In another embodiment of the present invention, as shown in fig. 4-6, taking a three-slot superconducting cable as an example, the guiding grooves are distributed spirally in two directions around the axial direction of the frame 1, the cross section of the guiding grooves is arc-shaped and symmetrically distributed, the guiding grooves are provided with 3 groups, each group of guiding grooves comprises two guiding grooves in two spiral directions, each group of guiding grooves comprises 3 groups of guiding grooves in two spiral directions, and each group of guiding grooves is a same double-spiral guiding groove, so that an infinite number of junctions are formed on the peripheral wall of the frame 1.

Furthermore, the superconducting tapes 2 are stacked in the guide groove, so that the current density of the cable is increased, the capability of the cable for bearing mechanical stress or electromagnetic force is enhanced, and the phenomenon that the superconducting materials are twisted in the guide groove to further cause the decline of critical performance is reduced as much as possible.

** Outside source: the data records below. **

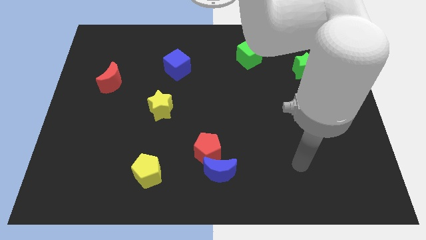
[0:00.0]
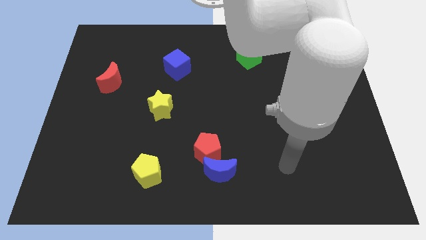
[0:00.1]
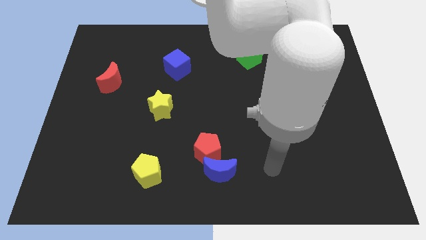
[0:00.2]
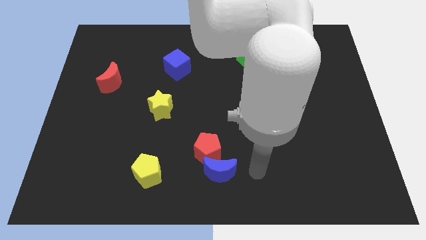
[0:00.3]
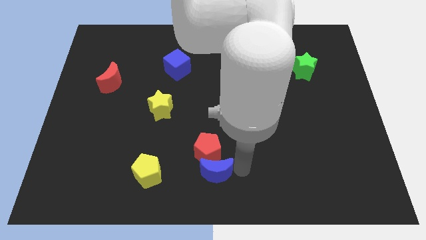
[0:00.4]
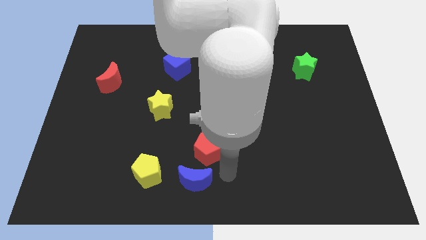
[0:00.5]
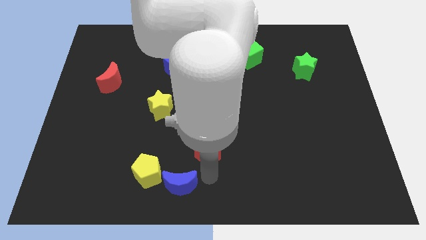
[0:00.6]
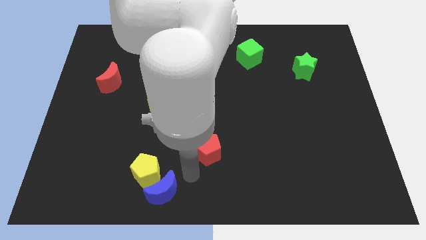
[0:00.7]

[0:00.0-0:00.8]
pull the red pentagon apart from the blue moon

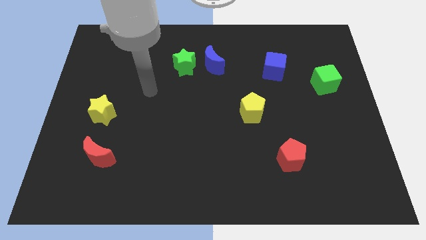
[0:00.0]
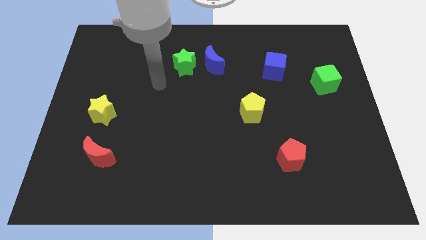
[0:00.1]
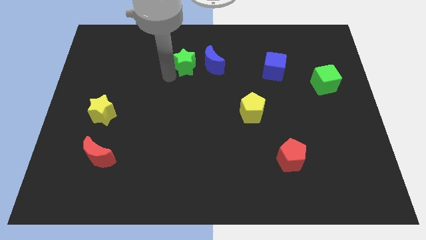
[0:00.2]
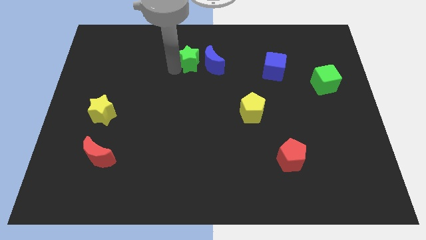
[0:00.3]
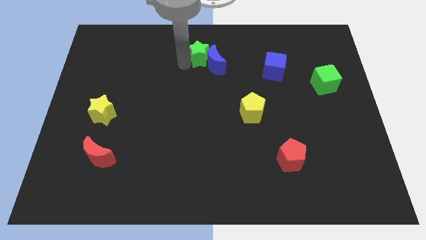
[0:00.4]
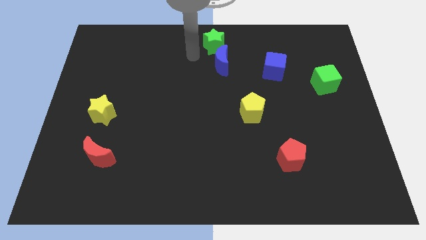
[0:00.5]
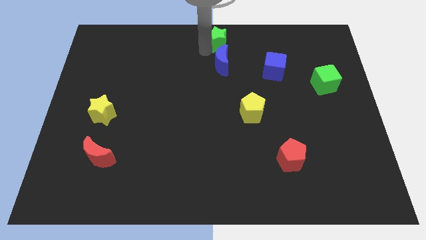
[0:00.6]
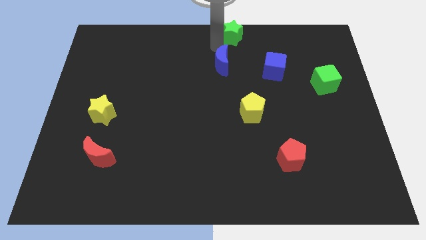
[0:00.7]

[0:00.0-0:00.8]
pull the blue moon apart from the green star

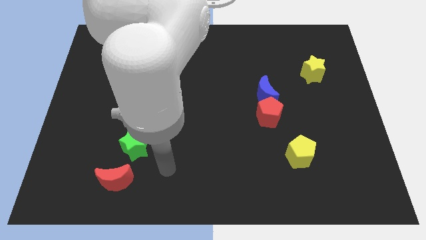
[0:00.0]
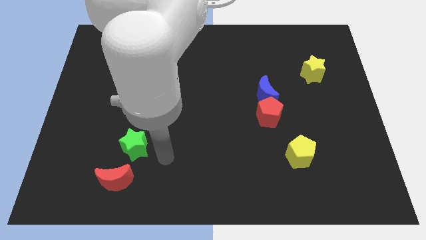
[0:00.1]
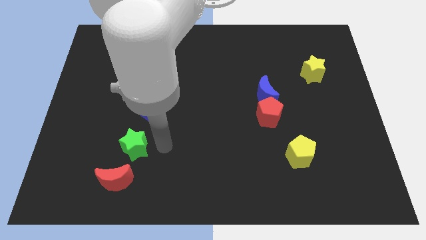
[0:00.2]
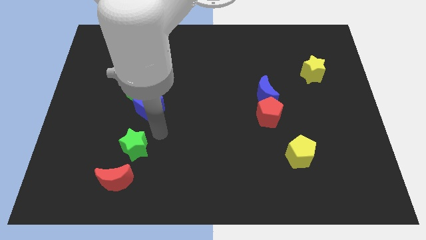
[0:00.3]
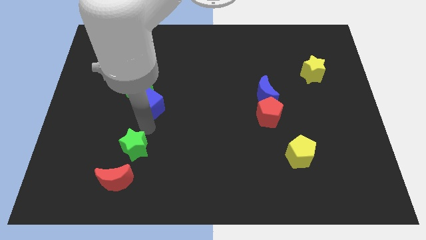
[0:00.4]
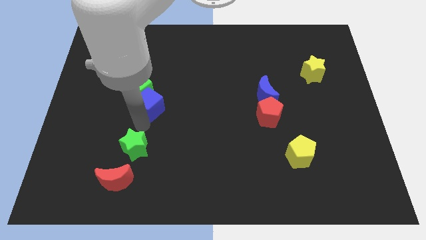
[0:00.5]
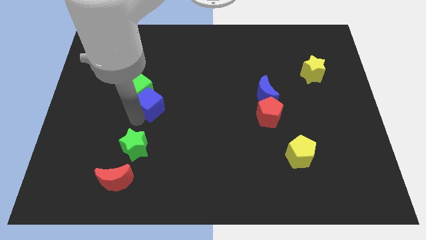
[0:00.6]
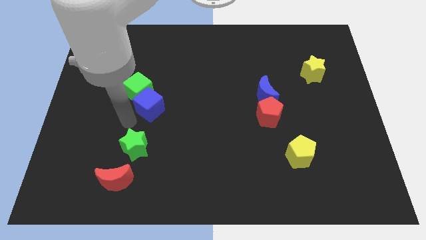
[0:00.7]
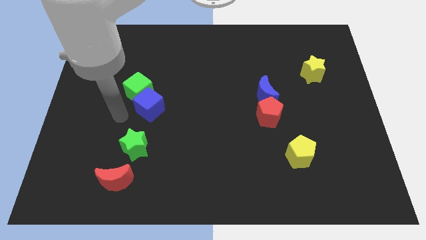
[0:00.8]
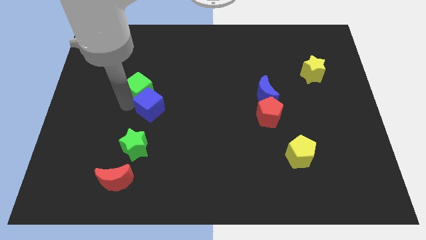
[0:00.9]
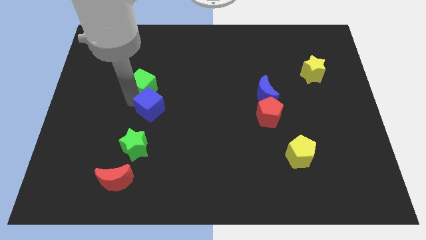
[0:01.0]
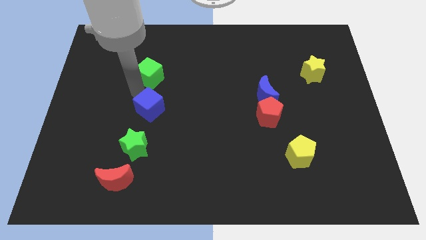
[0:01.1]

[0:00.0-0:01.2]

In the present embodiment, the number of layers of the superconducting tape 2 is at least two; when the superconducting tapes 2 are wound on the framework 1, one guide groove is selected as an initial guide groove, and 6 superconducting tapes 2 are sequentially wound on the framework 1 clockwise or anticlockwise, so that a first layer is wound; similarly, the initial guide groove is selected, 6 superconducting tapes 2 are wound on the framework 1 in sequence according to the sequence opposite to that of the first layer of superconducting tapes 2, and the second layer of superconducting tapes is wound.

Further, when the winding of the superconducting tapes 2 of the two layers is completed, the superconducting tapes 2 stacked above the first layer and the second layer are wound; the superconducting tapes 2 between every two adjacent odd-even layers are wound in a forward and reverse staggered manner.

Furthermore, a plurality of rows of limiting blocks are formed on the peripheral wall of the framework 1, and adjacent rows of limiting blocks are arranged in a vertically staggered manner; the limiting block is of a tetrahedron structure, and the four sides of the limiting block are all arc-shaped and are matched with the guide grooves in shape.

In another embodiment of the invention, after the multilayer strips are stacked, one direction is selected for winding, and the other direction is selected for winding in the opposite direction, so that the winding difficulty is greatly reduced.

In the description of the present invention, it is to be understood that the terms "longitudinal", "lateral", "upper", "lower", "front", "rear", "left", "right", "vertical", "horizontal", "top", "bottom", "inner", "outer", and the like, indicate orientations or positional relationships based on those shown in the drawings, are merely for convenience of description of the present invention, and do not indicate or imply that the referenced devices or elements must have a particular orientation, be constructed and operated in a particular orientation, and thus, are not to be construed as limiting the present invention.

The above-described embodiments are merely illustrative of the preferred embodiments of the present invention, and do not limit the scope of the present invention, and various modifications and improvements of the technical solutions of the present invention can be made by those skilled in the art without departing from the spirit of the present invention, and the technical solutions of the present invention are within the scope of the present invention defined by the claims.